==== Supplied data
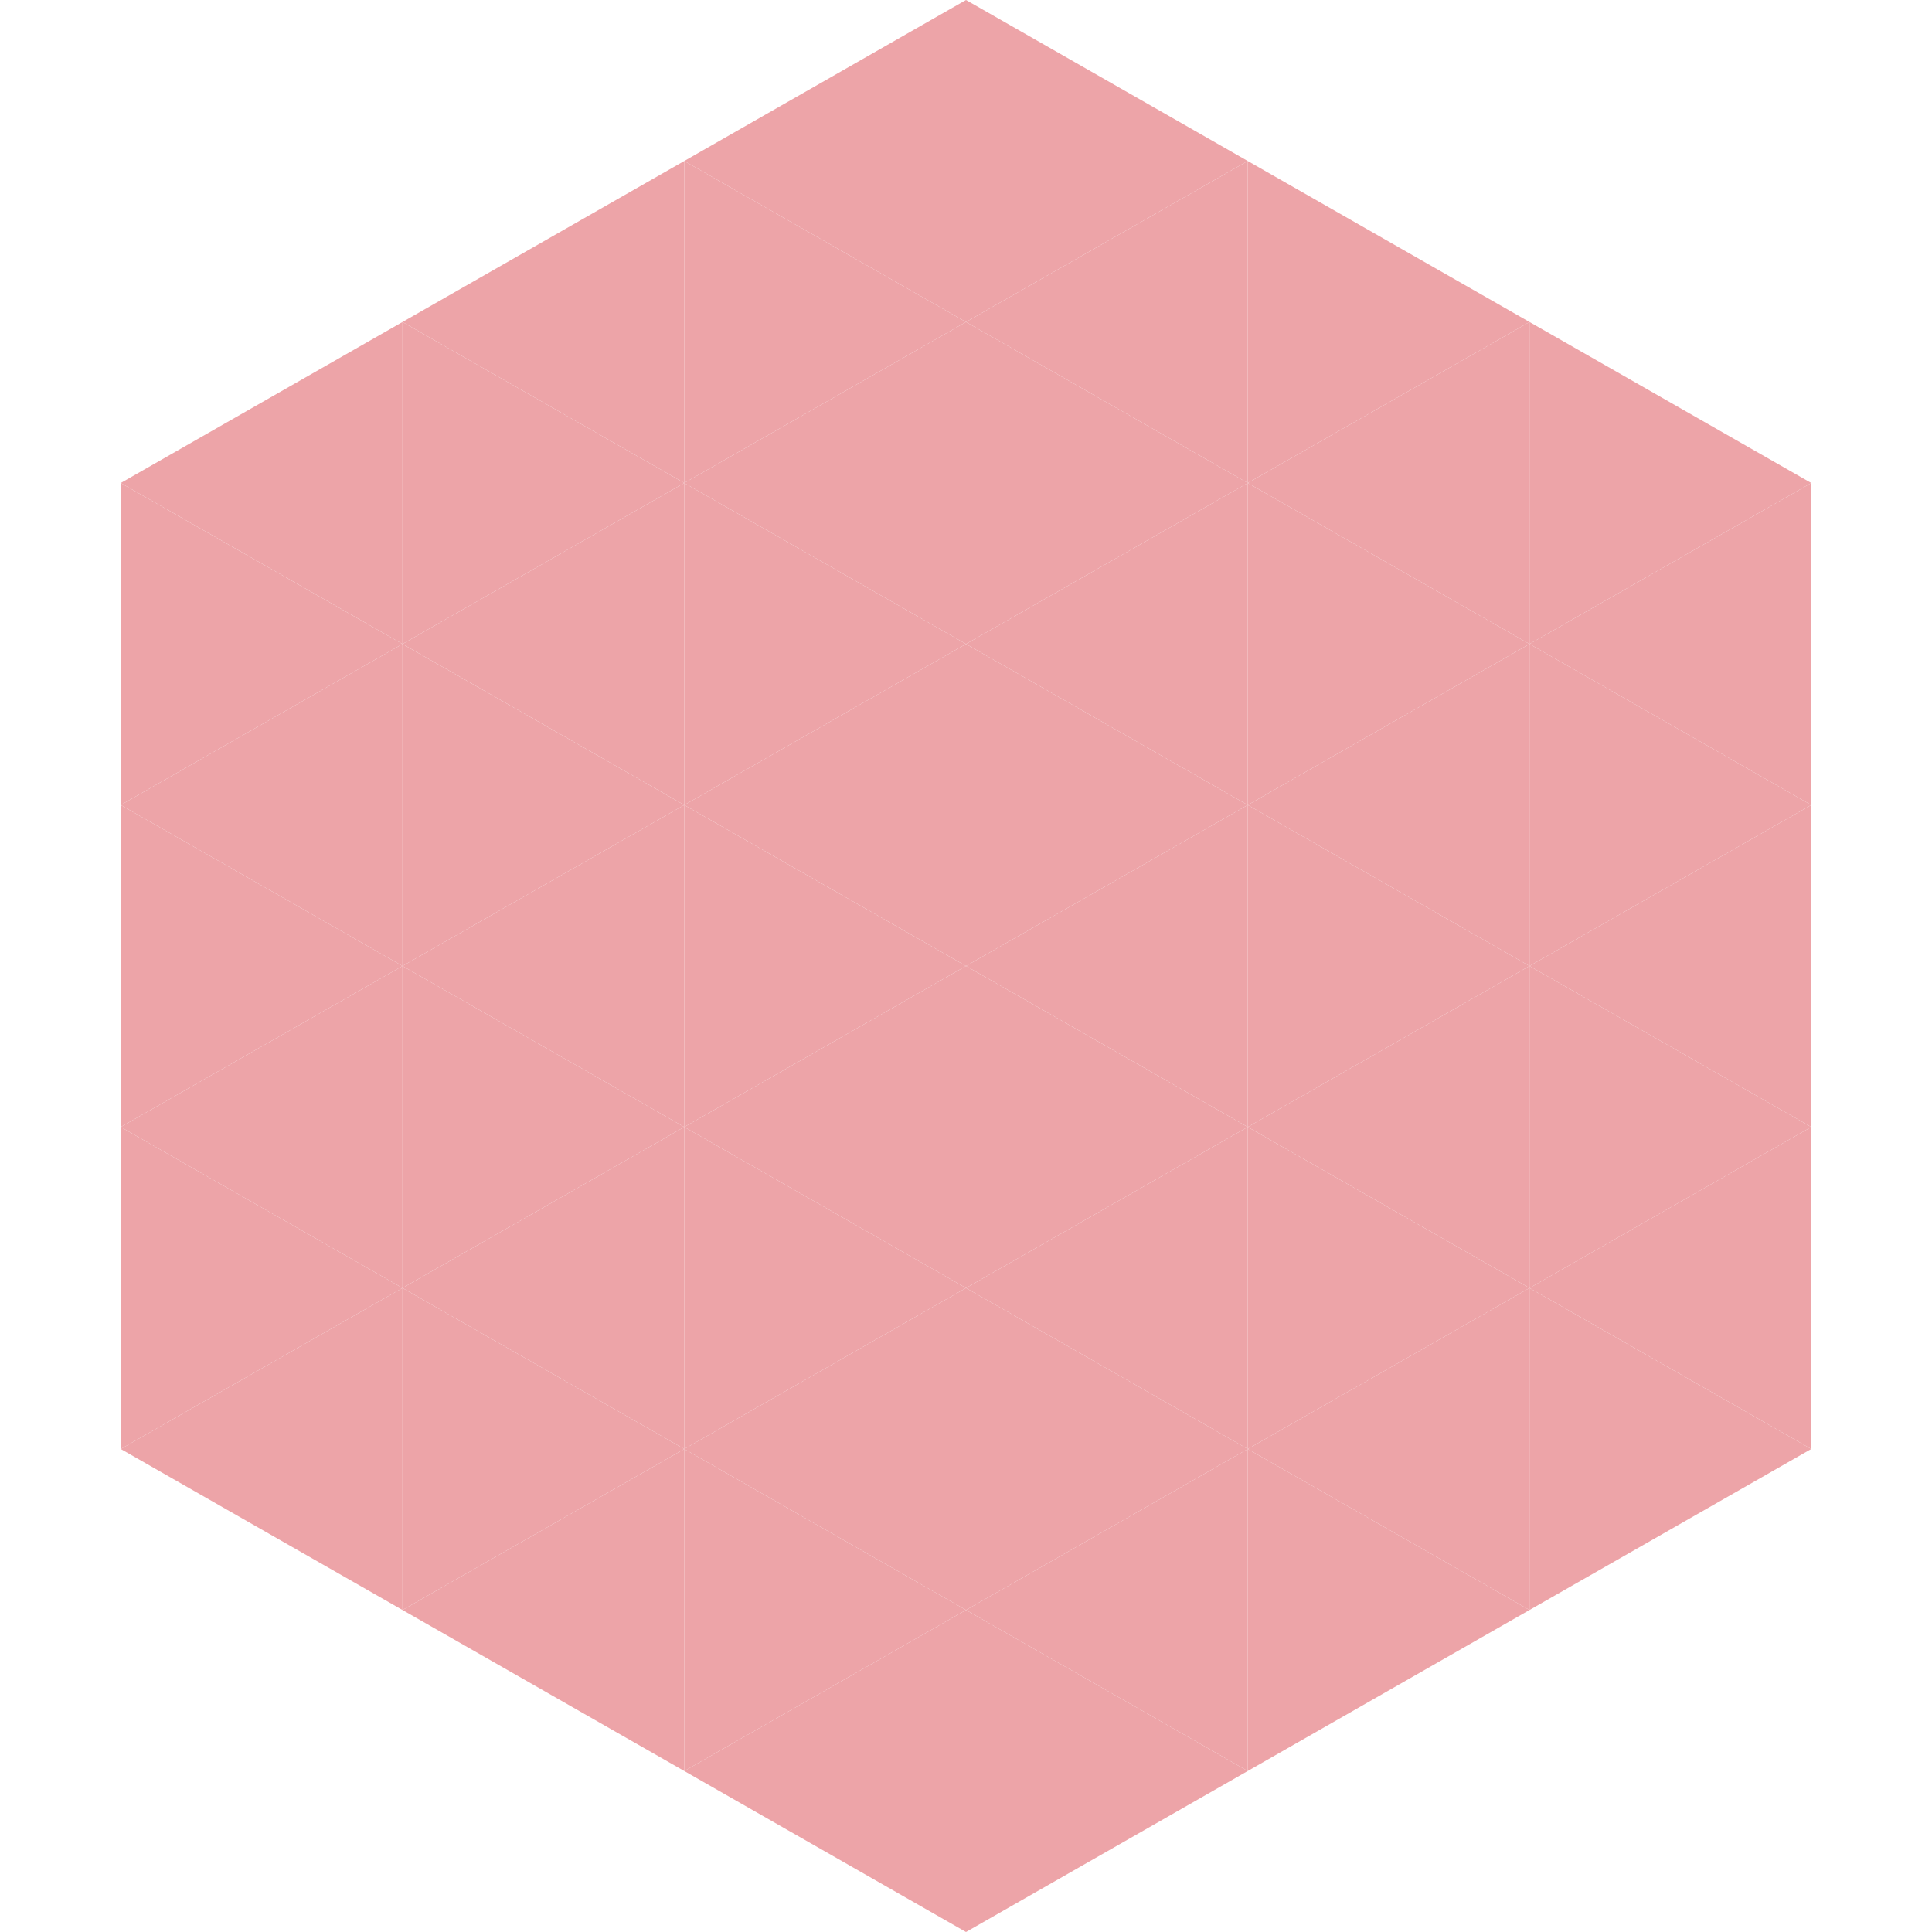 <?xml version="1.0"?>
<!-- Generated by SVGo -->
<svg width="240" height="240"
     xmlns="http://www.w3.org/2000/svg"
     xmlns:xlink="http://www.w3.org/1999/xlink">
<polygon points="50,40 15,60 50,80" style="fill:rgb(237,164,168)" />
<polygon points="190,40 225,60 190,80" style="fill:rgb(237,164,168)" />
<polygon points="15,60 50,80 15,100" style="fill:rgb(237,164,168)" />
<polygon points="225,60 190,80 225,100" style="fill:rgb(237,164,168)" />
<polygon points="50,80 15,100 50,120" style="fill:rgb(237,164,168)" />
<polygon points="190,80 225,100 190,120" style="fill:rgb(237,164,168)" />
<polygon points="15,100 50,120 15,140" style="fill:rgb(237,164,168)" />
<polygon points="225,100 190,120 225,140" style="fill:rgb(237,164,168)" />
<polygon points="50,120 15,140 50,160" style="fill:rgb(237,164,168)" />
<polygon points="190,120 225,140 190,160" style="fill:rgb(237,164,168)" />
<polygon points="15,140 50,160 15,180" style="fill:rgb(237,164,168)" />
<polygon points="225,140 190,160 225,180" style="fill:rgb(237,164,168)" />
<polygon points="50,160 15,180 50,200" style="fill:rgb(237,164,168)" />
<polygon points="190,160 225,180 190,200" style="fill:rgb(237,164,168)" />
<polygon points="15,180 50,200 15,220" style="fill:rgb(255,255,255); fill-opacity:0" />
<polygon points="225,180 190,200 225,220" style="fill:rgb(255,255,255); fill-opacity:0" />
<polygon points="50,0 85,20 50,40" style="fill:rgb(255,255,255); fill-opacity:0" />
<polygon points="190,0 155,20 190,40" style="fill:rgb(255,255,255); fill-opacity:0" />
<polygon points="85,20 50,40 85,60" style="fill:rgb(237,164,168)" />
<polygon points="155,20 190,40 155,60" style="fill:rgb(237,164,168)" />
<polygon points="50,40 85,60 50,80" style="fill:rgb(237,164,168)" />
<polygon points="190,40 155,60 190,80" style="fill:rgb(237,164,168)" />
<polygon points="85,60 50,80 85,100" style="fill:rgb(237,164,168)" />
<polygon points="155,60 190,80 155,100" style="fill:rgb(237,164,168)" />
<polygon points="50,80 85,100 50,120" style="fill:rgb(237,164,168)" />
<polygon points="190,80 155,100 190,120" style="fill:rgb(237,164,168)" />
<polygon points="85,100 50,120 85,140" style="fill:rgb(237,164,168)" />
<polygon points="155,100 190,120 155,140" style="fill:rgb(237,164,168)" />
<polygon points="50,120 85,140 50,160" style="fill:rgb(237,164,168)" />
<polygon points="190,120 155,140 190,160" style="fill:rgb(237,164,168)" />
<polygon points="85,140 50,160 85,180" style="fill:rgb(237,164,168)" />
<polygon points="155,140 190,160 155,180" style="fill:rgb(237,164,168)" />
<polygon points="50,160 85,180 50,200" style="fill:rgb(237,164,168)" />
<polygon points="190,160 155,180 190,200" style="fill:rgb(237,164,168)" />
<polygon points="85,180 50,200 85,220" style="fill:rgb(237,164,168)" />
<polygon points="155,180 190,200 155,220" style="fill:rgb(237,164,168)" />
<polygon points="120,0 85,20 120,40" style="fill:rgb(237,164,168)" />
<polygon points="120,0 155,20 120,40" style="fill:rgb(237,164,168)" />
<polygon points="85,20 120,40 85,60" style="fill:rgb(237,164,168)" />
<polygon points="155,20 120,40 155,60" style="fill:rgb(237,164,168)" />
<polygon points="120,40 85,60 120,80" style="fill:rgb(237,164,168)" />
<polygon points="120,40 155,60 120,80" style="fill:rgb(237,164,168)" />
<polygon points="85,60 120,80 85,100" style="fill:rgb(237,164,168)" />
<polygon points="155,60 120,80 155,100" style="fill:rgb(237,164,168)" />
<polygon points="120,80 85,100 120,120" style="fill:rgb(237,164,168)" />
<polygon points="120,80 155,100 120,120" style="fill:rgb(237,164,168)" />
<polygon points="85,100 120,120 85,140" style="fill:rgb(237,164,168)" />
<polygon points="155,100 120,120 155,140" style="fill:rgb(237,164,168)" />
<polygon points="120,120 85,140 120,160" style="fill:rgb(237,164,168)" />
<polygon points="120,120 155,140 120,160" style="fill:rgb(237,164,168)" />
<polygon points="85,140 120,160 85,180" style="fill:rgb(237,164,168)" />
<polygon points="155,140 120,160 155,180" style="fill:rgb(237,164,168)" />
<polygon points="120,160 85,180 120,200" style="fill:rgb(237,164,168)" />
<polygon points="120,160 155,180 120,200" style="fill:rgb(237,164,168)" />
<polygon points="85,180 120,200 85,220" style="fill:rgb(237,164,168)" />
<polygon points="155,180 120,200 155,220" style="fill:rgb(237,164,168)" />
<polygon points="120,200 85,220 120,240" style="fill:rgb(237,164,168)" />
<polygon points="120,200 155,220 120,240" style="fill:rgb(237,164,168)" />
<polygon points="85,220 120,240 85,260" style="fill:rgb(255,255,255); fill-opacity:0" />
<polygon points="155,220 120,240 155,260" style="fill:rgb(255,255,255); fill-opacity:0" />
</svg>
========
> _Activity_: Set every record down exactly, omitting pictures.

> _Task answer_:
 <?xml version="1.0"?>
<!-- Generated by SVGo -->
<svg width="240" height="240"
     xmlns="http://www.w3.org/2000/svg"
     xmlns:xlink="http://www.w3.org/1999/xlink">
<polygon points="50,40 15,60 50,80" style="fill:rgb(237,164,168)" />
<polygon points="190,40 225,60 190,80" style="fill:rgb(237,164,168)" />
<polygon points="15,60 50,80 15,100" style="fill:rgb(237,164,168)" />
<polygon points="225,60 190,80 225,100" style="fill:rgb(237,164,168)" />
<polygon points="50,80 15,100 50,120" style="fill:rgb(237,164,168)" />
<polygon points="190,80 225,100 190,120" style="fill:rgb(237,164,168)" />
<polygon points="15,100 50,120 15,140" style="fill:rgb(237,164,168)" />
<polygon points="225,100 190,120 225,140" style="fill:rgb(237,164,168)" />
<polygon points="50,120 15,140 50,160" style="fill:rgb(237,164,168)" />
<polygon points="190,120 225,140 190,160" style="fill:rgb(237,164,168)" />
<polygon points="15,140 50,160 15,180" style="fill:rgb(237,164,168)" />
<polygon points="225,140 190,160 225,180" style="fill:rgb(237,164,168)" />
<polygon points="50,160 15,180 50,200" style="fill:rgb(237,164,168)" />
<polygon points="190,160 225,180 190,200" style="fill:rgb(237,164,168)" />
<polygon points="15,180 50,200 15,220" style="fill:rgb(255,255,255); fill-opacity:0" />
<polygon points="225,180 190,200 225,220" style="fill:rgb(255,255,255); fill-opacity:0" />
<polygon points="50,0 85,20 50,40" style="fill:rgb(255,255,255); fill-opacity:0" />
<polygon points="190,0 155,20 190,40" style="fill:rgb(255,255,255); fill-opacity:0" />
<polygon points="85,20 50,40 85,60" style="fill:rgb(237,164,168)" />
<polygon points="155,20 190,40 155,60" style="fill:rgb(237,164,168)" />
<polygon points="50,40 85,60 50,80" style="fill:rgb(237,164,168)" />
<polygon points="190,40 155,60 190,80" style="fill:rgb(237,164,168)" />
<polygon points="85,60 50,80 85,100" style="fill:rgb(237,164,168)" />
<polygon points="155,60 190,80 155,100" style="fill:rgb(237,164,168)" />
<polygon points="50,80 85,100 50,120" style="fill:rgb(237,164,168)" />
<polygon points="190,80 155,100 190,120" style="fill:rgb(237,164,168)" />
<polygon points="85,100 50,120 85,140" style="fill:rgb(237,164,168)" />
<polygon points="155,100 190,120 155,140" style="fill:rgb(237,164,168)" />
<polygon points="50,120 85,140 50,160" style="fill:rgb(237,164,168)" />
<polygon points="190,120 155,140 190,160" style="fill:rgb(237,164,168)" />
<polygon points="85,140 50,160 85,180" style="fill:rgb(237,164,168)" />
<polygon points="155,140 190,160 155,180" style="fill:rgb(237,164,168)" />
<polygon points="50,160 85,180 50,200" style="fill:rgb(237,164,168)" />
<polygon points="190,160 155,180 190,200" style="fill:rgb(237,164,168)" />
<polygon points="85,180 50,200 85,220" style="fill:rgb(237,164,168)" />
<polygon points="155,180 190,200 155,220" style="fill:rgb(237,164,168)" />
<polygon points="120,0 85,20 120,40" style="fill:rgb(237,164,168)" />
<polygon points="120,0 155,20 120,40" style="fill:rgb(237,164,168)" />
<polygon points="85,20 120,40 85,60" style="fill:rgb(237,164,168)" />
<polygon points="155,20 120,40 155,60" style="fill:rgb(237,164,168)" />
<polygon points="120,40 85,60 120,80" style="fill:rgb(237,164,168)" />
<polygon points="120,40 155,60 120,80" style="fill:rgb(237,164,168)" />
<polygon points="85,60 120,80 85,100" style="fill:rgb(237,164,168)" />
<polygon points="155,60 120,80 155,100" style="fill:rgb(237,164,168)" />
<polygon points="120,80 85,100 120,120" style="fill:rgb(237,164,168)" />
<polygon points="120,80 155,100 120,120" style="fill:rgb(237,164,168)" />
<polygon points="85,100 120,120 85,140" style="fill:rgb(237,164,168)" />
<polygon points="155,100 120,120 155,140" style="fill:rgb(237,164,168)" />
<polygon points="120,120 85,140 120,160" style="fill:rgb(237,164,168)" />
<polygon points="120,120 155,140 120,160" style="fill:rgb(237,164,168)" />
<polygon points="85,140 120,160 85,180" style="fill:rgb(237,164,168)" />
<polygon points="155,140 120,160 155,180" style="fill:rgb(237,164,168)" />
<polygon points="120,160 85,180 120,200" style="fill:rgb(237,164,168)" />
<polygon points="120,160 155,180 120,200" style="fill:rgb(237,164,168)" />
<polygon points="85,180 120,200 85,220" style="fill:rgb(237,164,168)" />
<polygon points="155,180 120,200 155,220" style="fill:rgb(237,164,168)" />
<polygon points="120,200 85,220 120,240" style="fill:rgb(237,164,168)" />
<polygon points="120,200 155,220 120,240" style="fill:rgb(237,164,168)" />
<polygon points="85,220 120,240 85,260" style="fill:rgb(255,255,255); fill-opacity:0" />
<polygon points="155,220 120,240 155,260" style="fill:rgb(255,255,255); fill-opacity:0" />
</svg>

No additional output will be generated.